| Extracted records |

/---

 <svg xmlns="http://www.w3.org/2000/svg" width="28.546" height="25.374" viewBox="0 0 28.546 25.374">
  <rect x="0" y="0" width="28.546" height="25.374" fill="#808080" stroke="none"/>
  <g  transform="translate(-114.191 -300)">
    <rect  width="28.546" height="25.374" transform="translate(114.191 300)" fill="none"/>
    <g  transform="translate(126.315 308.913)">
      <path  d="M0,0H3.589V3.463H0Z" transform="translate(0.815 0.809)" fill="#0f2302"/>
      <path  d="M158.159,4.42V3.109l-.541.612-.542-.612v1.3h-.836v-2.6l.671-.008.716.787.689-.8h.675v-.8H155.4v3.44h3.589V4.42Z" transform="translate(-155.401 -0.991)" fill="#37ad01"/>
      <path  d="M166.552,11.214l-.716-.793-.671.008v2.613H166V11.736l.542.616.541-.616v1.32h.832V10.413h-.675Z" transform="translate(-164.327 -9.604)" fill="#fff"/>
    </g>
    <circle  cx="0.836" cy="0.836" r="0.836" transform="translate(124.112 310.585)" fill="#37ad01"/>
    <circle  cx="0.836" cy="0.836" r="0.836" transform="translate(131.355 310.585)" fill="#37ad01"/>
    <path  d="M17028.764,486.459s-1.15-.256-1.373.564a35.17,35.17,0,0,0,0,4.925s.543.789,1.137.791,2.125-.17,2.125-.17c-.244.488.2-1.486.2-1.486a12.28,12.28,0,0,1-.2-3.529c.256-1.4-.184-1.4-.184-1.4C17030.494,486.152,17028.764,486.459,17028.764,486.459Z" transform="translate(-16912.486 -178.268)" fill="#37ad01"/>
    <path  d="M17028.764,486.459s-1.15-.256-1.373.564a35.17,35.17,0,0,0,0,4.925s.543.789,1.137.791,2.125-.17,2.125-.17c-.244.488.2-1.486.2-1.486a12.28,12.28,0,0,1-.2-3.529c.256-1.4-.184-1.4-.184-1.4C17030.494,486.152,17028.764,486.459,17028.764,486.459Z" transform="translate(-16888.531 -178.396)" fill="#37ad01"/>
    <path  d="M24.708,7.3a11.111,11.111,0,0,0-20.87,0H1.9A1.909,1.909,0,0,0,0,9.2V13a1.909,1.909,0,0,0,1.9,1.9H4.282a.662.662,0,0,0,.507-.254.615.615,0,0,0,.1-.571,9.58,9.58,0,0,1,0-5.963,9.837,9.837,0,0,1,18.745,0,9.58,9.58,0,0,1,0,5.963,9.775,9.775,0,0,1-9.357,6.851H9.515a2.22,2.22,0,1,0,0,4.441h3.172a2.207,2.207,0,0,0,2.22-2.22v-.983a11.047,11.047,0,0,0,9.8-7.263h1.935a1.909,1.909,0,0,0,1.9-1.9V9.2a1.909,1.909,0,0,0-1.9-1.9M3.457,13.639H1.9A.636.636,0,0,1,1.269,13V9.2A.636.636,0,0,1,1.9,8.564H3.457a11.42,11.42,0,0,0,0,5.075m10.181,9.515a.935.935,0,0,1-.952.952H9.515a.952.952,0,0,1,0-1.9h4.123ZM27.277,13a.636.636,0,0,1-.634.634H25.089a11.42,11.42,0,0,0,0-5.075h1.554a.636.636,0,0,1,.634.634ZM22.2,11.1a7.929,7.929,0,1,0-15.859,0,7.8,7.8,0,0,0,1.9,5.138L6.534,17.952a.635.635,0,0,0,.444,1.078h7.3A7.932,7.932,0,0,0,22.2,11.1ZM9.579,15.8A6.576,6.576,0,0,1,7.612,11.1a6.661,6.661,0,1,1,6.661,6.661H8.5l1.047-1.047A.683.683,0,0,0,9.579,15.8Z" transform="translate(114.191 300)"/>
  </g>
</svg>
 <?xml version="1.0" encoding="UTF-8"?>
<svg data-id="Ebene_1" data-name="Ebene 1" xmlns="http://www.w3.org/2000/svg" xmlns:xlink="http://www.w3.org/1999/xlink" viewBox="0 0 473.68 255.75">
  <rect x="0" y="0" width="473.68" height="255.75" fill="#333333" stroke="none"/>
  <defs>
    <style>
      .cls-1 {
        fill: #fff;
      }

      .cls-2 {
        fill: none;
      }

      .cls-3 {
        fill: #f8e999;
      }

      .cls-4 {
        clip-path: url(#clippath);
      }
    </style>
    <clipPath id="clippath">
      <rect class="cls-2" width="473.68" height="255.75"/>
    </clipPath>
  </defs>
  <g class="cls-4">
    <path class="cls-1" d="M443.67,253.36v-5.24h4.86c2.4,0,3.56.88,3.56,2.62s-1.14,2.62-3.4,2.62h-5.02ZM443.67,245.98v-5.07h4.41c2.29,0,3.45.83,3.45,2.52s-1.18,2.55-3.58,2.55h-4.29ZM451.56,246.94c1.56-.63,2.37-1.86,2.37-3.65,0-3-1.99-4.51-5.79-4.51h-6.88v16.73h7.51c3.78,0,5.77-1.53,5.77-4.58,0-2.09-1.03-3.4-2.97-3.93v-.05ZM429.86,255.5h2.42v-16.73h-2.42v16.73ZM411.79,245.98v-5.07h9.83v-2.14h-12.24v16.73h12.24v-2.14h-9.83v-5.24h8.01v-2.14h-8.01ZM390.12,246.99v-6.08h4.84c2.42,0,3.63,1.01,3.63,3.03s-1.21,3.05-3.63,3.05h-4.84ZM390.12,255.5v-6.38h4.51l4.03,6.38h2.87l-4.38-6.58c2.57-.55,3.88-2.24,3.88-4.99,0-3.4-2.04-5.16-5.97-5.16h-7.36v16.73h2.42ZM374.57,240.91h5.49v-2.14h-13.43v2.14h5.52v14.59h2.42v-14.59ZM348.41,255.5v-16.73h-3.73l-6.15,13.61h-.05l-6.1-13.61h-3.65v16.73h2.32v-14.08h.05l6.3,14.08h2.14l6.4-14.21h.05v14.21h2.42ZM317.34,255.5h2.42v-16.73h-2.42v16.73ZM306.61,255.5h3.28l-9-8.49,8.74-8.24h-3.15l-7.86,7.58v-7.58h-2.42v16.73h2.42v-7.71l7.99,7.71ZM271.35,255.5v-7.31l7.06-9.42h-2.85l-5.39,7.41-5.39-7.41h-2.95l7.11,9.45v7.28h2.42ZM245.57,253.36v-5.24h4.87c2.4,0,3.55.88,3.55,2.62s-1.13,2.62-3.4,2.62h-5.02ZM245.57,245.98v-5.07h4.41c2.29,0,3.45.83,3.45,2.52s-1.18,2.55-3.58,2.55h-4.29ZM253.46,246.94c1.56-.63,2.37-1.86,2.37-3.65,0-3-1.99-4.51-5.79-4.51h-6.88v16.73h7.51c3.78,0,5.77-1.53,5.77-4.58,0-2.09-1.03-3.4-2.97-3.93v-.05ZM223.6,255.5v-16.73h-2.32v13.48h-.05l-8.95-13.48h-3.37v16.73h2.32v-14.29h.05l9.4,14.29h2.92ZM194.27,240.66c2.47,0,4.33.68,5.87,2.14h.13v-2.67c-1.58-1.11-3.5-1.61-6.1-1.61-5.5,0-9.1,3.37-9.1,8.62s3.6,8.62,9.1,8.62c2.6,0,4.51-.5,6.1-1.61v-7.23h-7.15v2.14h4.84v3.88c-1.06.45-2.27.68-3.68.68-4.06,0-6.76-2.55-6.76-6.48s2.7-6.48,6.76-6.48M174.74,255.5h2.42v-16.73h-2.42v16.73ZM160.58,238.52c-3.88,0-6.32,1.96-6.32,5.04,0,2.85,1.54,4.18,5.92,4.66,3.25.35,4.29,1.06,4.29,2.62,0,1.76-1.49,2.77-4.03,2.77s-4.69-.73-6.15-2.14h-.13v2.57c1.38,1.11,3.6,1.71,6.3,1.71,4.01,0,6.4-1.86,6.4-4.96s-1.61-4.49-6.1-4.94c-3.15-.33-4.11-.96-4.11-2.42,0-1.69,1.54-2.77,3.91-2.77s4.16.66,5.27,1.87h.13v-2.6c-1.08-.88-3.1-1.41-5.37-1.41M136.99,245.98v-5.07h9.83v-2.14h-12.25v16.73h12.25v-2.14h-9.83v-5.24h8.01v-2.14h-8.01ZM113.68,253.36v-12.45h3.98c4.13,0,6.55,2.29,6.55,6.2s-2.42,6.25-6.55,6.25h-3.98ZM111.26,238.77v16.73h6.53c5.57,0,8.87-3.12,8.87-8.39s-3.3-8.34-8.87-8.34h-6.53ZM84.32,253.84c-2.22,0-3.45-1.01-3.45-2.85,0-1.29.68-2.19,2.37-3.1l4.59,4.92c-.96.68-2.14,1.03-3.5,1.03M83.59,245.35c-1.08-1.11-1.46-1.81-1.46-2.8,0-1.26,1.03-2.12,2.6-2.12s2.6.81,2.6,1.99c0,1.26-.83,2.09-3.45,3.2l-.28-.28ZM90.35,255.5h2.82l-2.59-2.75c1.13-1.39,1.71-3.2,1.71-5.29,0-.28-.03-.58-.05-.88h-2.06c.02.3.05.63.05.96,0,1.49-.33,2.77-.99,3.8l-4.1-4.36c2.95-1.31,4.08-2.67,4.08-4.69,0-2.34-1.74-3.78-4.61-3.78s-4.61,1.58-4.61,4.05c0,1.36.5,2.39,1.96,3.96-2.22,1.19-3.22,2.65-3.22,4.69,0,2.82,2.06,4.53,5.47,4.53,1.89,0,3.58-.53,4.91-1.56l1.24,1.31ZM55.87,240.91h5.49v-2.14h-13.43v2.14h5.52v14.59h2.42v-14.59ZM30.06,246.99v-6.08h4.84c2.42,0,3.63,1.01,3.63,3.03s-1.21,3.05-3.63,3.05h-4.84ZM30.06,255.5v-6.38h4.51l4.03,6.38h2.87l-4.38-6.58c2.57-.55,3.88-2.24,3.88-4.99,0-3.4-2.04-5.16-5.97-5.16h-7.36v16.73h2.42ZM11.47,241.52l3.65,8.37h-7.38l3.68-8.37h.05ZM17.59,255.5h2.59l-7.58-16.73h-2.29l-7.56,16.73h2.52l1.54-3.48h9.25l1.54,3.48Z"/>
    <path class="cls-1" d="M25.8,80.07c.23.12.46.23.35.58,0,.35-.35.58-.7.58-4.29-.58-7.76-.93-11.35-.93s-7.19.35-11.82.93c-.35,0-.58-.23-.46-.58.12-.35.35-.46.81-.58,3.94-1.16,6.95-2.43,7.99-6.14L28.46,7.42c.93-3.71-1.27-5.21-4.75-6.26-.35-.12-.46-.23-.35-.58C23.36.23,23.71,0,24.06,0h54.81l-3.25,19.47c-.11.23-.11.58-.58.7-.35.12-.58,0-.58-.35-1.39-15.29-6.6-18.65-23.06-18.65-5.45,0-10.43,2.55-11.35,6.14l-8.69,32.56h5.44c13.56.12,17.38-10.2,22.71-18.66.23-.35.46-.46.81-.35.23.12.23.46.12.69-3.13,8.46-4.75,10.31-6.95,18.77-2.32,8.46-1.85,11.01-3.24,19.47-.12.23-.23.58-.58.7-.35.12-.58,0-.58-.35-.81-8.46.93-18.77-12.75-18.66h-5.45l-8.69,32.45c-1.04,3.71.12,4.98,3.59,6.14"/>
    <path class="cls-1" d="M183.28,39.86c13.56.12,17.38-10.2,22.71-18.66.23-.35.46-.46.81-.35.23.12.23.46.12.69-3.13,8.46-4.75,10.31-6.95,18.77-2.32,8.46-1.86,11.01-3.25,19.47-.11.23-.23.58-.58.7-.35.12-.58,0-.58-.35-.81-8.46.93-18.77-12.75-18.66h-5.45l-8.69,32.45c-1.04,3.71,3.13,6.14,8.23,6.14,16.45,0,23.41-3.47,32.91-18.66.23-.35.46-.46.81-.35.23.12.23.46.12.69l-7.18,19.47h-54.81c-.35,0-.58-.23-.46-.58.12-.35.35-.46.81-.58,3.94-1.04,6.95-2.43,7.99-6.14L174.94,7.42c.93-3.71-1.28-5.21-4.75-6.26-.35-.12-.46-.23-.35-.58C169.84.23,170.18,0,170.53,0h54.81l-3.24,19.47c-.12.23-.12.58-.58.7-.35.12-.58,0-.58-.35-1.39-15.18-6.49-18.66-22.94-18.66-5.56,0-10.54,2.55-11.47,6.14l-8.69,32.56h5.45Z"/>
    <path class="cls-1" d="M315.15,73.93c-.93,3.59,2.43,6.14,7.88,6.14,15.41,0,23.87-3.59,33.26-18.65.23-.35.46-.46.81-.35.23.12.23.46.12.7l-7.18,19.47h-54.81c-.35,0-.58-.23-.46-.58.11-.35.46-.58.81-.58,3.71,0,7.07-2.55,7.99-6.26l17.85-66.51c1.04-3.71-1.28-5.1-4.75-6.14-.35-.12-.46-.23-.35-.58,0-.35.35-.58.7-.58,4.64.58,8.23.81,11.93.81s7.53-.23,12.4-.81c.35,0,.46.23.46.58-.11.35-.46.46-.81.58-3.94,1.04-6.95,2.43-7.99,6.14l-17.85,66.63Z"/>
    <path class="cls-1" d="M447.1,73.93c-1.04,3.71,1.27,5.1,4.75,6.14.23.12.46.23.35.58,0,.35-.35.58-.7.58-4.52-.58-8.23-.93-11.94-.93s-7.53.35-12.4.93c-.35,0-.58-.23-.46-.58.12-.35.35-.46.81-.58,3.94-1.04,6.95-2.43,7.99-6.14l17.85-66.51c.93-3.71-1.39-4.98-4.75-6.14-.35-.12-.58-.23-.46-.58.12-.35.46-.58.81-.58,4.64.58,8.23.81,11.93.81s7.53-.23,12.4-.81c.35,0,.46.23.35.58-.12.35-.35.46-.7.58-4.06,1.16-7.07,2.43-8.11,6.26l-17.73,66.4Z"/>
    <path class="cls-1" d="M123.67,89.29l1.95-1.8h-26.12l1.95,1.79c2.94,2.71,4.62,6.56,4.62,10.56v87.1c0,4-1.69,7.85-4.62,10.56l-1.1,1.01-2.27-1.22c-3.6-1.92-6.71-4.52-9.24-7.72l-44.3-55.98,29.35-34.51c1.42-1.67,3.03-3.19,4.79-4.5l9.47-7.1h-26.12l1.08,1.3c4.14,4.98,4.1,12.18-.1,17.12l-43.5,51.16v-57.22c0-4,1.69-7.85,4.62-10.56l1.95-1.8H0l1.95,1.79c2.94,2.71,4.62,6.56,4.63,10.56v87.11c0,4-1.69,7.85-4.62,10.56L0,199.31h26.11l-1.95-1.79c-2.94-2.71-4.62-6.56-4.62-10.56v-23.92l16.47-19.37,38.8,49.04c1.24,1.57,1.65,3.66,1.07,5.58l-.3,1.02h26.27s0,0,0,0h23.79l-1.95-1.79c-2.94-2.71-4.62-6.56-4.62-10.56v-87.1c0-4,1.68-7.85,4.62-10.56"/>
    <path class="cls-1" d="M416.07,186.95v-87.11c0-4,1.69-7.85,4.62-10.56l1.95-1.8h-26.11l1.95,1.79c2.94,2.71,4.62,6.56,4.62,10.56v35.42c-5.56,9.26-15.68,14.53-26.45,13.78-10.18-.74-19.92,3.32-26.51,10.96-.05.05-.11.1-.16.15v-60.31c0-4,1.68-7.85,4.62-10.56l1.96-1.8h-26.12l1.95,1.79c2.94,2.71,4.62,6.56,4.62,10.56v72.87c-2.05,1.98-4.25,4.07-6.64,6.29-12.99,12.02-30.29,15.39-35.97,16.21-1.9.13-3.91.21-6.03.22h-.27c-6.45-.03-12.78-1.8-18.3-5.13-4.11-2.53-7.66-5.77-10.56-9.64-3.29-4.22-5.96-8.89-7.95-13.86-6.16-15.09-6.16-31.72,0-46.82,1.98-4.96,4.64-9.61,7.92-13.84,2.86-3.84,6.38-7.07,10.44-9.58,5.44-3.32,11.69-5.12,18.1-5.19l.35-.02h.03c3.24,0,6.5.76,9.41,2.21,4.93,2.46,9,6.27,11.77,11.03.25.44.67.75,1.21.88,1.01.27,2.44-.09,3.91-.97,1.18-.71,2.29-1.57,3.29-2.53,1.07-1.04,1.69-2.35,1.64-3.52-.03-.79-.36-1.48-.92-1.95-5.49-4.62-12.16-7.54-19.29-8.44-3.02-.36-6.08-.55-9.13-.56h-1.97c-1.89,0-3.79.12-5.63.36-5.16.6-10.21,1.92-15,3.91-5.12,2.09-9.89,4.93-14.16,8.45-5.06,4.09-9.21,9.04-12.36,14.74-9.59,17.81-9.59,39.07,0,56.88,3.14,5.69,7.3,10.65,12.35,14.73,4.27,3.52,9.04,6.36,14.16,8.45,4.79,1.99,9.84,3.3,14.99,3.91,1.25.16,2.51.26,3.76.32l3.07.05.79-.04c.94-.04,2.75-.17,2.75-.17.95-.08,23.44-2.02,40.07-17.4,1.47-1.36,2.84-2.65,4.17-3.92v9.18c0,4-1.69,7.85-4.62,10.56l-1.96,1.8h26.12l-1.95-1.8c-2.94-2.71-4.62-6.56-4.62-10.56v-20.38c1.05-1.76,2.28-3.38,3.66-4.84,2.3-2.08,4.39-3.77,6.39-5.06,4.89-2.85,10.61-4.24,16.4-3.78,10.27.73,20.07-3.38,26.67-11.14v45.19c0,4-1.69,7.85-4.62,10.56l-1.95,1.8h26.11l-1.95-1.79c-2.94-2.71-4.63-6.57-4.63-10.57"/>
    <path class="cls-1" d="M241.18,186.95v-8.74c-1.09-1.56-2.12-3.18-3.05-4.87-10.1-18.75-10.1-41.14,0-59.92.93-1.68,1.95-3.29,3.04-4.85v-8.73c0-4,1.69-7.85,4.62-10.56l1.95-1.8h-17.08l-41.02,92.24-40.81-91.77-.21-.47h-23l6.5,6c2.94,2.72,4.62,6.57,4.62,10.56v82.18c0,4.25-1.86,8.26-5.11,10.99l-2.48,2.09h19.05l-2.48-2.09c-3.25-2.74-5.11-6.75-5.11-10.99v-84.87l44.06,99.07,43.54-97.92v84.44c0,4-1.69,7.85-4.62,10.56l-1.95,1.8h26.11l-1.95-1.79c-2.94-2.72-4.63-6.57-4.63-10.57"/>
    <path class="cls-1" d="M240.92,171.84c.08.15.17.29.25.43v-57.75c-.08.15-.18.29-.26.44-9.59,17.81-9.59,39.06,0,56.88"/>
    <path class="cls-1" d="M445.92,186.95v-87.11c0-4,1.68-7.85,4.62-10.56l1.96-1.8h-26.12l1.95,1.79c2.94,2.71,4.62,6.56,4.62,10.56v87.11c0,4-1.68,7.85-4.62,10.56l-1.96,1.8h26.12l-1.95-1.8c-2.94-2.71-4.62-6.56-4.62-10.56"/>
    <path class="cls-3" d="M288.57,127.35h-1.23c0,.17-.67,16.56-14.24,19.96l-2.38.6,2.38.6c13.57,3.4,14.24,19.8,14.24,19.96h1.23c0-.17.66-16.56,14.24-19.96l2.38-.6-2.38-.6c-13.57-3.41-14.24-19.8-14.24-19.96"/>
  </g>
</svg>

\---

| Task requirements |
What lines of the preceding data include the string "xmlns"? Pull them out.

| Task result |
 <svg xmlns="http://www.w3.org/2000/svg" width="28.546" height="25.374" viewBox="0 0 28.546 25.374">
<svg data-id="Ebene_1" data-name="Ebene 1" xmlns="http://www.w3.org/2000/svg" xmlns:xlink="http://www.w3.org/1999/xlink" viewBox="0 0 473.68 255.75">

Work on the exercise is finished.